This is eval-driven development applied to tool calling. Measure. Find patterns. Improve systematically. Close the loop.
| Verdict | Meaning |
|---|---|
| VERIFIED | Claim matches a receipt |
| UNVERIFIED | No matching receipt (possible hallucination) |
| TAMPERED | Receipt exists but claim doesn't match (definite hallucination) |
trust_score = verified / (verified + unverified + tampered)
| Grade | Score | Risk |
|---|---|---|
| A | 95%+ | LOW |
| B | 85-94% | LOW |
| C | 70-84% | MEDIUM |
| D | 50-69% | MEDIUM |
| F | <50% | HIGH |
Every receipt records execution duration.
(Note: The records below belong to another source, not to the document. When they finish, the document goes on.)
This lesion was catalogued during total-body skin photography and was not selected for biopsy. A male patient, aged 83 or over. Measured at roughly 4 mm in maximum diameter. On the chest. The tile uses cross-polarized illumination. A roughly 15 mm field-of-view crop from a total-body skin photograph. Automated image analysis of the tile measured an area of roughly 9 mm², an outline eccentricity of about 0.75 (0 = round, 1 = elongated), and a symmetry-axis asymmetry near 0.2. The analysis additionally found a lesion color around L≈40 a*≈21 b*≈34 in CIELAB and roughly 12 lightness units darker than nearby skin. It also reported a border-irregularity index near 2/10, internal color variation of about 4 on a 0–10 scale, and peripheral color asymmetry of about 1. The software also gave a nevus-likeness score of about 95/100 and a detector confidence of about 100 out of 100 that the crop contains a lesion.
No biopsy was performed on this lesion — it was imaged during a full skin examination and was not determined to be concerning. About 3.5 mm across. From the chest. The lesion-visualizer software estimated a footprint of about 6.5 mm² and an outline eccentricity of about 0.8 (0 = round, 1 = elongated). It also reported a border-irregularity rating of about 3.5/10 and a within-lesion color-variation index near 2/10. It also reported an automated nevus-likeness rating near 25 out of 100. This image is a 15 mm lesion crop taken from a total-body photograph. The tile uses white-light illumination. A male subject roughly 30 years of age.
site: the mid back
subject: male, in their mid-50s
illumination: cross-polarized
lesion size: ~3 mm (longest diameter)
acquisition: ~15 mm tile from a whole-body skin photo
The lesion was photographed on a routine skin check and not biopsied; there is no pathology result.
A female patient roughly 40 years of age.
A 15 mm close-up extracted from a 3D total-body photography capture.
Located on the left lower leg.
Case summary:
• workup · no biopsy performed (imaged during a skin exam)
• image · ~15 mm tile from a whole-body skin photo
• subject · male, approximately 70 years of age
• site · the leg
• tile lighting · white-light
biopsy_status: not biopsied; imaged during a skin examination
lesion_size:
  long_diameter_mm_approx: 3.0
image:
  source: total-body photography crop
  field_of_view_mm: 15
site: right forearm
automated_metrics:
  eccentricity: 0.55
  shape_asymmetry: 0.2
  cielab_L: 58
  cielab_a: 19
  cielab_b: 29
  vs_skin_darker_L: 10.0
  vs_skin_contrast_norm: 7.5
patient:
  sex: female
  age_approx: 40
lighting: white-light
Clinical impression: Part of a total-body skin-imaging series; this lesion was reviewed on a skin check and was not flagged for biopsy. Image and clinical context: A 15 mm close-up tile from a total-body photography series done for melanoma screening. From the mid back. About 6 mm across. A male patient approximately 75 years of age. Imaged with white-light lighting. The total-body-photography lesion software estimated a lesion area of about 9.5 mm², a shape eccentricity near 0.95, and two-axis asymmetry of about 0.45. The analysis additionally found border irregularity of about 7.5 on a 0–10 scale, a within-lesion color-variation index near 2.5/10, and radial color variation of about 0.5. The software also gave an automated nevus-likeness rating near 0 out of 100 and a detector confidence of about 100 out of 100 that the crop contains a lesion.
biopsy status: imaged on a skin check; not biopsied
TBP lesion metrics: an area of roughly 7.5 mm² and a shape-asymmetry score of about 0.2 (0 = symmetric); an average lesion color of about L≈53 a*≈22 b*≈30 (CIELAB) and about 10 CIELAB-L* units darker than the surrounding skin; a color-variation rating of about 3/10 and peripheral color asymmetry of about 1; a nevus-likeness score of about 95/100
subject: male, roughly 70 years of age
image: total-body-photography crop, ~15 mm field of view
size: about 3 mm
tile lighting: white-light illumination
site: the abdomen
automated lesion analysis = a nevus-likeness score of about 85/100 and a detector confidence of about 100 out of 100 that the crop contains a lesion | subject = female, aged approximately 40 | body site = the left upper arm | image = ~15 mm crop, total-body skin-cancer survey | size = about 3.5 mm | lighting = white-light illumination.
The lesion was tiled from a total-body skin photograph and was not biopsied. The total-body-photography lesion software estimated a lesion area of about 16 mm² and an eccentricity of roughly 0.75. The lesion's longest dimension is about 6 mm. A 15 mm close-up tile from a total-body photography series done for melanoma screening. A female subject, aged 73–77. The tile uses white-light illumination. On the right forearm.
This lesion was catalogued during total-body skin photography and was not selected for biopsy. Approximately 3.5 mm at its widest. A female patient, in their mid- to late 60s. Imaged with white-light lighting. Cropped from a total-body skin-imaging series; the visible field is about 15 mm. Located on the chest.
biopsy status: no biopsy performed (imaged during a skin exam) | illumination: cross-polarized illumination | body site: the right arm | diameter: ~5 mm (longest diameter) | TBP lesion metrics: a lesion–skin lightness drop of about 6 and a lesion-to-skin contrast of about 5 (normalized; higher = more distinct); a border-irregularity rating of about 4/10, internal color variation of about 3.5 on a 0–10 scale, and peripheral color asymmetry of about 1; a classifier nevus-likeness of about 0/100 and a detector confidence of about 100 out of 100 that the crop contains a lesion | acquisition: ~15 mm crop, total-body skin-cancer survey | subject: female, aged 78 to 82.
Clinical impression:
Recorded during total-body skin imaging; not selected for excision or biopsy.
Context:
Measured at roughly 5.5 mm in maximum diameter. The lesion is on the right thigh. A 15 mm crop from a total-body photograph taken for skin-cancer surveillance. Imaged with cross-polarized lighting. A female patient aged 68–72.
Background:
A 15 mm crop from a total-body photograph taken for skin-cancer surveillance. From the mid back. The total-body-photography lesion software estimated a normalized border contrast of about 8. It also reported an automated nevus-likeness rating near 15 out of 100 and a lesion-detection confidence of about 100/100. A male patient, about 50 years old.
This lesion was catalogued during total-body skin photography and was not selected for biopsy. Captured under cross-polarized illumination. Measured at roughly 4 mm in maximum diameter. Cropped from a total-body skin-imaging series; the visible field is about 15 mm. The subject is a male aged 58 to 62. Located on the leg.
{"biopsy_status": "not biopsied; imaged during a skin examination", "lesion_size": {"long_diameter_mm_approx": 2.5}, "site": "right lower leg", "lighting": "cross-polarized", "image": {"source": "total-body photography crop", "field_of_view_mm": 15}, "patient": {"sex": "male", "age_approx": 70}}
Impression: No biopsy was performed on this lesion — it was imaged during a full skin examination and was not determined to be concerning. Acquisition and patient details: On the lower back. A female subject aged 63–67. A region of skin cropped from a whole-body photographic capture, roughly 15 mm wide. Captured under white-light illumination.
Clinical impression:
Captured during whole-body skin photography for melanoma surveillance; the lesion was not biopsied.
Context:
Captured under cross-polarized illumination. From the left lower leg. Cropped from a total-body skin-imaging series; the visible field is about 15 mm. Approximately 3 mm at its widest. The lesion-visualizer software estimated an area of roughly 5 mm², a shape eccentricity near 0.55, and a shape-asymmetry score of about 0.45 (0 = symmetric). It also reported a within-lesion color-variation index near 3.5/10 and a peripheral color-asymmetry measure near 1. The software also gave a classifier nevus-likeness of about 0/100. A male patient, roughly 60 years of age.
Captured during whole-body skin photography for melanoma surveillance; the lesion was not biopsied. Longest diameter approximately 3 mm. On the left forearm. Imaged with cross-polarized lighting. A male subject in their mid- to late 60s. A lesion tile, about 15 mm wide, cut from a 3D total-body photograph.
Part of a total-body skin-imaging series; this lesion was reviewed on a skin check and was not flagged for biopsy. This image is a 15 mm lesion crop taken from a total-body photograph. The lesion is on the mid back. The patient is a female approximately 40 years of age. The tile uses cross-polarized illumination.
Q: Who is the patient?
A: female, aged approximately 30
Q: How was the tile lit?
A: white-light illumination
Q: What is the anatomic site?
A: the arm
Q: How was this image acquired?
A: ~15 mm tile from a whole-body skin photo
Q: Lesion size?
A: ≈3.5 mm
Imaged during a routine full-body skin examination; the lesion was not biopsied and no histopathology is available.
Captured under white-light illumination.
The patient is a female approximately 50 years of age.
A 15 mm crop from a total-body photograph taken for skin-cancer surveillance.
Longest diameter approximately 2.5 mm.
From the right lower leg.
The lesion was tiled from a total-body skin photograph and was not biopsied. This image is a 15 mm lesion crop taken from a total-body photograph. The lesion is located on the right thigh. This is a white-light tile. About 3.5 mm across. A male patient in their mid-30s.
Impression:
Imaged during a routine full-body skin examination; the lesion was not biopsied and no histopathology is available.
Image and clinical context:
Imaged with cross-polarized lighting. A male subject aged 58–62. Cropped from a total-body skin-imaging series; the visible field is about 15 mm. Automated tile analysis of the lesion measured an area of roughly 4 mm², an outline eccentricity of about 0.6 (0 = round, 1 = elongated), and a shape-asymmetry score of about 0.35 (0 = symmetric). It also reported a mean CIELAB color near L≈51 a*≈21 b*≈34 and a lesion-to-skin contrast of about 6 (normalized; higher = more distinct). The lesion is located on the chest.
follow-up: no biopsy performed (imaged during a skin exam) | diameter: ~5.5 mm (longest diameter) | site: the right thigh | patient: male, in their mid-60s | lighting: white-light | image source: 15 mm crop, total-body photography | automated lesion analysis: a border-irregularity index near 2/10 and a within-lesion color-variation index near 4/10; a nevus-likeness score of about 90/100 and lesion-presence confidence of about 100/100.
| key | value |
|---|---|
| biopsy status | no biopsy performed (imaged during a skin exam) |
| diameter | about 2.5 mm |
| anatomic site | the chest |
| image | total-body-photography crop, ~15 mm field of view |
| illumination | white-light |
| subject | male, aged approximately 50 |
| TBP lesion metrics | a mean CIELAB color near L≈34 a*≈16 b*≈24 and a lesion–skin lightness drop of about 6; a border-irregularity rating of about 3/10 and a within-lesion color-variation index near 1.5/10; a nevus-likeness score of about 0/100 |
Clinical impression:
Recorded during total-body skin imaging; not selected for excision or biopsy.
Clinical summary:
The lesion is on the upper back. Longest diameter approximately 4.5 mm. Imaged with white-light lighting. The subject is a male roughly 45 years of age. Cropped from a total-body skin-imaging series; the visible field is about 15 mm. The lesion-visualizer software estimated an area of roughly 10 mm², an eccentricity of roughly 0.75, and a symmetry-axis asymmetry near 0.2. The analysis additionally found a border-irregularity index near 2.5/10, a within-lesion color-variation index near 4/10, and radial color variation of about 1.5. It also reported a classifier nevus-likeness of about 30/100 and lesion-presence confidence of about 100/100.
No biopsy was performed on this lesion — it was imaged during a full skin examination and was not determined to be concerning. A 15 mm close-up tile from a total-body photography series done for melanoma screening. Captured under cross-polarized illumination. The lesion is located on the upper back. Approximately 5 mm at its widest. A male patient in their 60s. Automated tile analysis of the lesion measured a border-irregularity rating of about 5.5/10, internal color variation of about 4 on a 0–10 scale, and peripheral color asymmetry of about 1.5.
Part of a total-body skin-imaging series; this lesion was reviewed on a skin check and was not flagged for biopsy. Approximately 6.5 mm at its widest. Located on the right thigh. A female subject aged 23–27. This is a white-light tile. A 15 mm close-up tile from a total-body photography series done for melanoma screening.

Analytics aggregates cost by tool, model, session, and time window. Find expensive calls. Find broken caching. Find the 20% of tool calls eating 80% of your budget.
The proxy sits between your agent and its tools. It forwards every request, records a signed receipt, and the agent never knows it is being watched.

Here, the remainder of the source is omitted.